Please, St. Dismas. Please don’t let this happen. I can’t lose her. I can’t lose Gracie.
    She pressed a hand to her stomach as it pitched, launching a surge of bile into her throat. “Oh, God.”
    Bolting up from the settee, she raced through the buttery and down the service hallway to the little bathroom off the laundry room, hunched over the water closet, and emptied her stomach. She flushed, rinsed out her mouth, and surveyed herself in the toilet glass. Her face was waxen, her eyes panicky. She whipped the absurd bathing cap off her head, and with palsied hands smoothed down her hair, plaited into a single, still damp, rusty brown braid.
    “God, help me,” she whispered, and walked back to the great hall on legs that felt as if they were made of India rubber.
    Viola was sitting with the letter in her hand, watching Nell gravely; Clancy, sitting next to her, bore a similar expression. “Are you quite all right?”
    Nell nodded, although, of course, she was anything but. “It’s the heat,” she said dully as she wiped her forehead with the back of her arm. “This blasted heat.”
    “And this letter, I should think.
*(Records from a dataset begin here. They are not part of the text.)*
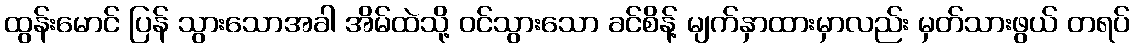
ထွန်းမောင် ပြန် သွားသောအခါ အိမ်ထဲသို့ ဝင်သွားသော ခင်စိန့် မျက်နှာထားမှာလည်း မှတ်သားဖွယ် တရပ်
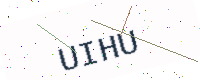
Text: UIHU
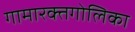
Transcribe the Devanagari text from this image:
गामारक्तगोलिका
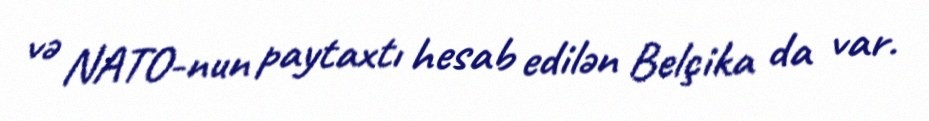
və NATO-nun paytaxtı hesab edilən Belçika da var.
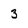
Character: 3
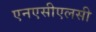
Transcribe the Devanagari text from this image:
एनएसीएलसी
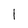
Character: 1
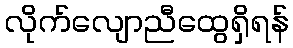
လိုက်လျောညီထွေရှိရန်
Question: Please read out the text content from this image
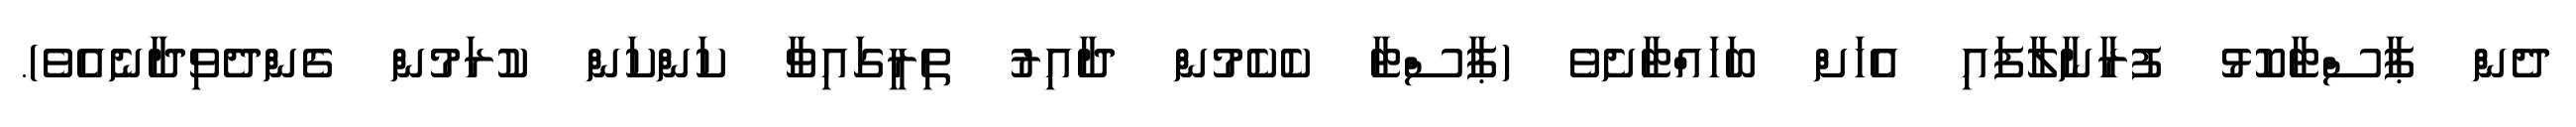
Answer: ދެން ޕާސްޓާކޮޅު ފުރާނާލާފައި އެހަށް ބަހައްޓާށެވެ (ޕާސްޓާ ކެކެމުން ދާއިރު ތިރީގައިވާ ކަންކަން ކުރަމުން ގެންދެވިދާނެއެވެ).

From your reaction... It’s true, I take it.”
    Nell sank to her knees in front of Viola, her strength utterly sapped by the double volley of bad news in such a brief period of time. “I’m sorry, Mrs. Hewitt,” she said in a watery voice. “I’m sorry. I... I never meant to deceive you. That is, I never wanted to. I hated it, I always hated it. But I just... I knew I couldn’t be Gracie’s governess if I was married, especially to a... to someone like Duncan.”
    “Does Will know?” Viola asked. All she knew about Nell and Will was that they’d developed a friendship based on common interests, not the least of which was Gracie. When people had started whispering about the amount of time they were spending together, they pretended to be engaged in order to protect Nell’s reputation.